The simplest solution would be a simple random search, that is, we can randomly choose our next query point:

In [None]:
next_query = np.random.uniform(size = 2)
print(next_query)

While this solution is easy to implement, we know it will be very slow. However, it could serve as a placeholder for gathering more information while you research which method you want to use for each function.

# Upper Confidence Bound

A second alternative would be to use Bayesian Optimization and consider an Upper Confidence Bound acquisition function: 

In [None]:
gpr = GaussianProcessRegressor()
gpr.fit(X, Y)

In [None]:
# to optimize the acquisition function, we will simply use gridsearch over a space of 10.000 gridpoints
x1 = np.linspace(0, 1, 100)
x2 = np.linspace(0, 1, 100)

In [None]:
x2

In [None]:
X_grid = []
for i in range(len(x1)):
    for j in range(len(x2)):
        X_grid.append([x1[i], x2[j]])

In [None]:
len(X_grid)

In [None]:
X_grid = np.array(X_grid)
mean, std = gpr.predict(X_grid, return_std = True)
ucb = mean + 1.96 * std

In [None]:
ucb

In [None]:
mean

In [None]:
mean + std * 1.96

In [None]:
ucb

In [None]:
idx_max = np.argmax(ucb)
next_query = X_grid[idx_max]
print(next_query)

## Visualizing our data and thinking of the problem

It is important when tackling problems to really think about the best strategy and to do some exploratory data analysis. Let's consider what we know about the problem:

1. From the hints, we expect two modes in the unknown function.

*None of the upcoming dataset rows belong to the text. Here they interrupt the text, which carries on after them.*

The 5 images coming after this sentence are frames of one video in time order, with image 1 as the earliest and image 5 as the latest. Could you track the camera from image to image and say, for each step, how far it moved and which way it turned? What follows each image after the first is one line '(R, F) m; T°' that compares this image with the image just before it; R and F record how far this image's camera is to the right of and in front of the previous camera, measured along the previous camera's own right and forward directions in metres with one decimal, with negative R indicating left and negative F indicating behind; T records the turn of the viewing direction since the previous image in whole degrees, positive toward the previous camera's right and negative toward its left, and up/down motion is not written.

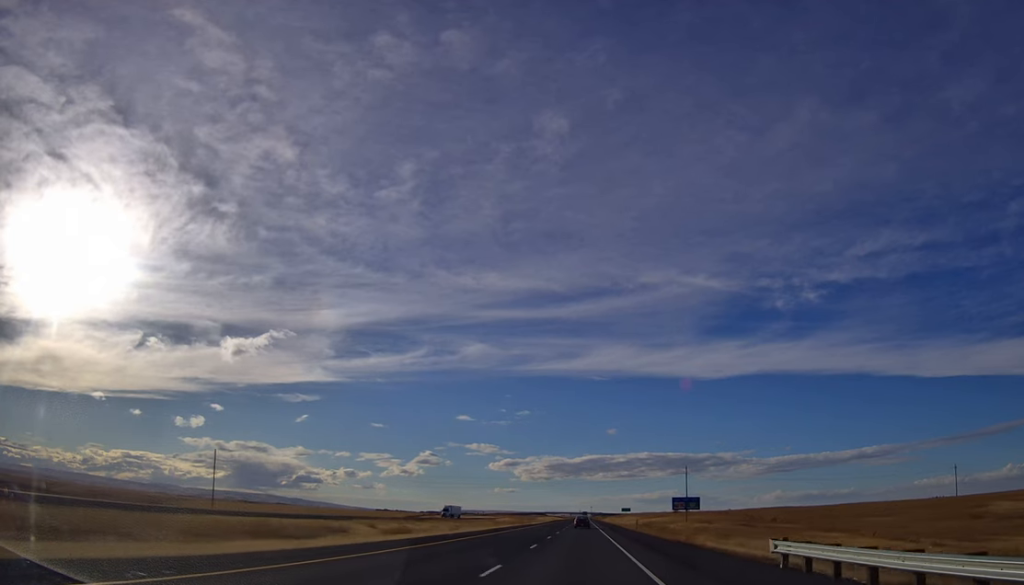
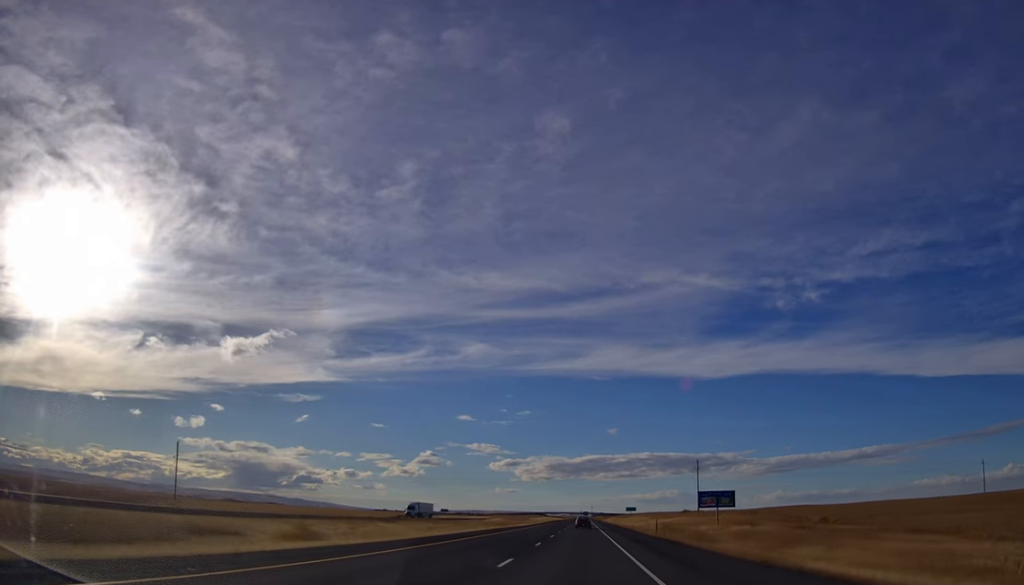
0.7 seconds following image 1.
(+0.2, +21.7) m; 0°
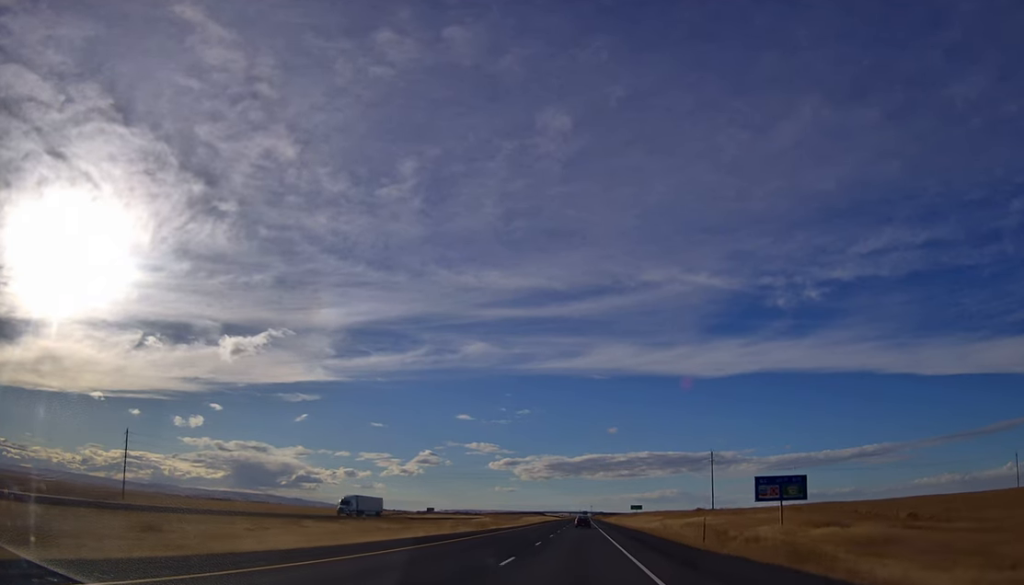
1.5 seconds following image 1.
(+0.1, +23.8) m; 0°
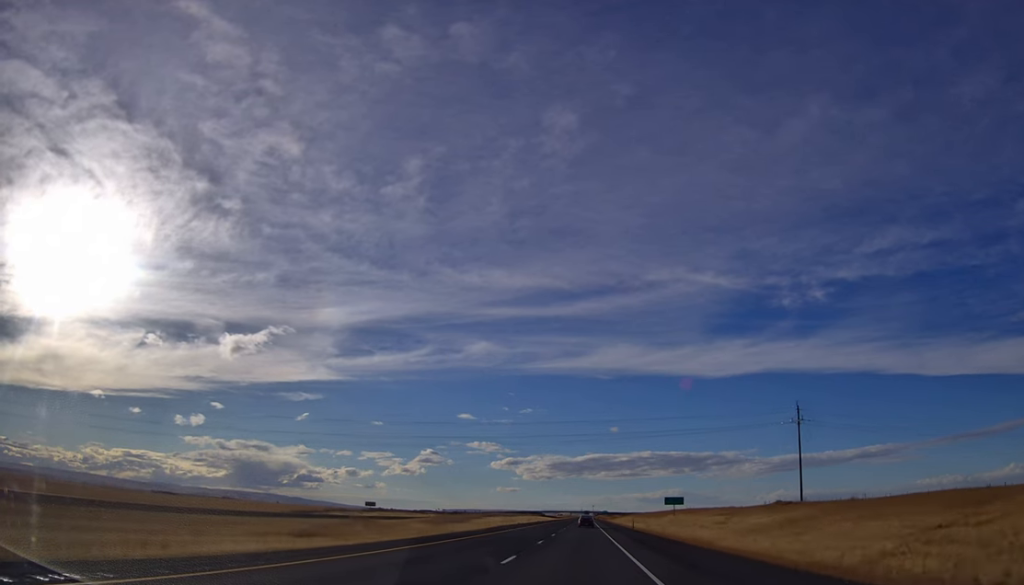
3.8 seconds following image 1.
(+0.3, +72.6) m; 0°
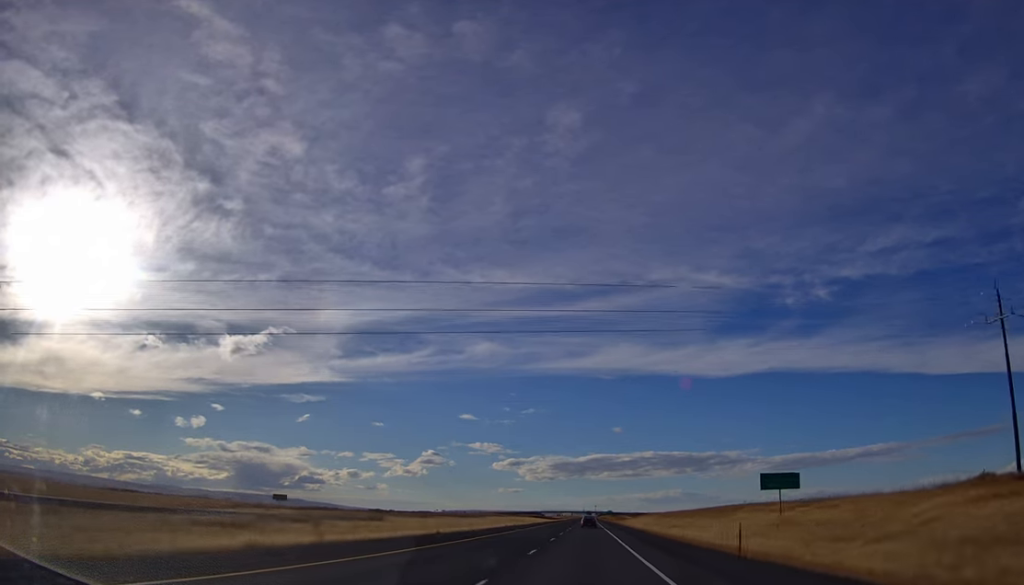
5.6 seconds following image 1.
(+0.2, +56.5) m; +1°

2. From the hints, we know that most of our queries should be zero!

3. The problem is two-dimensional.

4. The problem will have small length-scale (that is, we expect the modes to be very small)

From (3.) we can take advantage, and plot the initial data:

In [None]:
fig, ax = plt.subplots()
fig.set_figheight(5)
fig.set_figwidth(8)
plt.scatter(X[:, 0], X[:, 1], c = Y)
plt.colorbar();

We know that function has two kinds of local maximums, thanks to the hints, we also expect most of our reading to be zero. The fact that we have a perturbation or non-zero value at $x$ = [0.6262626262626263, 0.6767676767676768] means we should be interested in this area. An alternative solution would be to focus only on this area, there are two ways to do this:

1. Run random search in an area restricted around $x$ = [0.6262626262626263, 0.6767676767676768]

2. Solve the UCB in an area restricted around $x$ = [0.6262626262626263, 0.6767676767676768]

Below we provide code for both:

In [None]:
# Random search around an area restricted around $x$ = [0.6262626262626263, 0.6767676767676768]
next_query_x1 = np.random.normal(0.6262626262626263, scale = 0.01)
next_query_x2 = np.random.normal(0.6767676767676768, scale = 0.01)
print('Next query Random: ', [next_query_x1, next_query_x2])

In [None]:
# Using a restricted UCB
gpr = GaussianProcessRegressor()
gpr.fit(X, Y)

In [None]:
# to optimize the acquisition function, we will simply use gridsearch over a space of 10.000 gridpoints
x1 = np.linspace(0.6, 0.65, 100)
x2 = np.linspace(0.65, 0.69, 100)

In [None]:
X_grid = []
for i in range(len(x1)):
    for j in range(len(x2)):
        X_grid.append([x1[i], x2[j]])

In [None]:
X_grid = np.array(X_grid)
mean, std = gpr.predict(X_grid, return_std = True)
ucb = mean + 1.96 * std

In [None]:
idx_max = np.argmax(ucb)
next_query = X_grid[idx_max]
print('Next query UCB: ', next_query)

Doing this every week, we expect to be able to find the first of the two modes! This should would be enough to provide a good solution to the problem. To really verify if we found the maximum, we would need to find a second mode, however, we may be unlucky and simply never find it. This is an important part of Machine Learning: in theory we might want optimal, perfect solutions, but in practice most of the advancements can be done with simple solutions and careful consideration of the data available to us.